The German response immediately provoked Mateusz Morawiecki, the Polish prime minister, and Zbigniew Rau, the foreign minister, to warn Scholz to stop interfering in Poland’s elections.
The PiS responded with an avalanche of criticism for Tusk. Zbigniew Ziobro, Poland’s justice minister, said last week: “Unfortunately, Donald Tusk has always pursued German interests, not Polish ones, which is why the Germans are so involved in the Polish elections and why they so basely accuse us of the problems they themselves created; namely, they invited millions of refugees to Europe without asking anyone, and now they brazenly … [say] this is our fault.”
Poland has also seized on Berlin’s support for the lifting of the ban on Ukrainian grain imports. Cem Özdemir, the German agriculture minister, was targeted for saying that the European Commission had taken the “right decision” in lifting the ban.
Radosław Fogiel, the head of the Polish parliamentary committee on foreign affairs, retorted: “The German minister, representing the country that blocked financial aid to Ukraine and sanctions against Russia [and] held back allies who wanted to transfer weapons, is the last person who should make these kinds of comments.”
Others have piled in, returning to the old charge that Angela Merkel, the former German chancellor, damaged Europe by letting in 1.5 million asylum seekers in 2015.
But Germany is less interested in the past than in the here and now.
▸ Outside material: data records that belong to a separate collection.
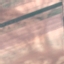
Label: AnnualCrop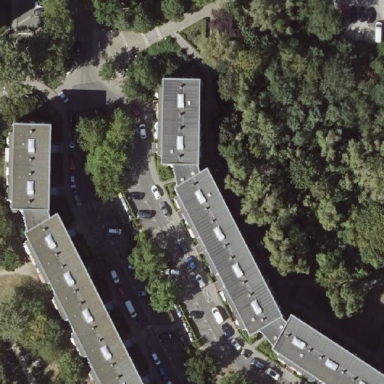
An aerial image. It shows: Diagonal street-side parking available as amenity.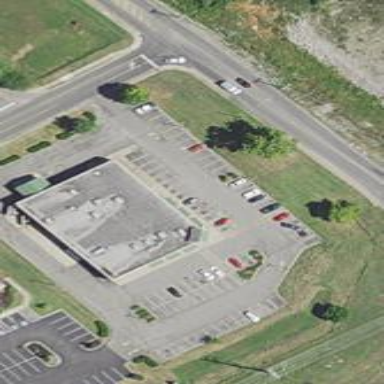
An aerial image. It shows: Building.

About 204,000 people requested asylum in Germany during the first eight months of 2023, 77% more than in the same period last year, not including the 1.1 million Ukrainian war refugees. Scholz is under electoral pressure to come up with answers, and is beginning to lose his patience with Warsaw. With less than a fortnight until election day, relations are likely to get worse before they get better.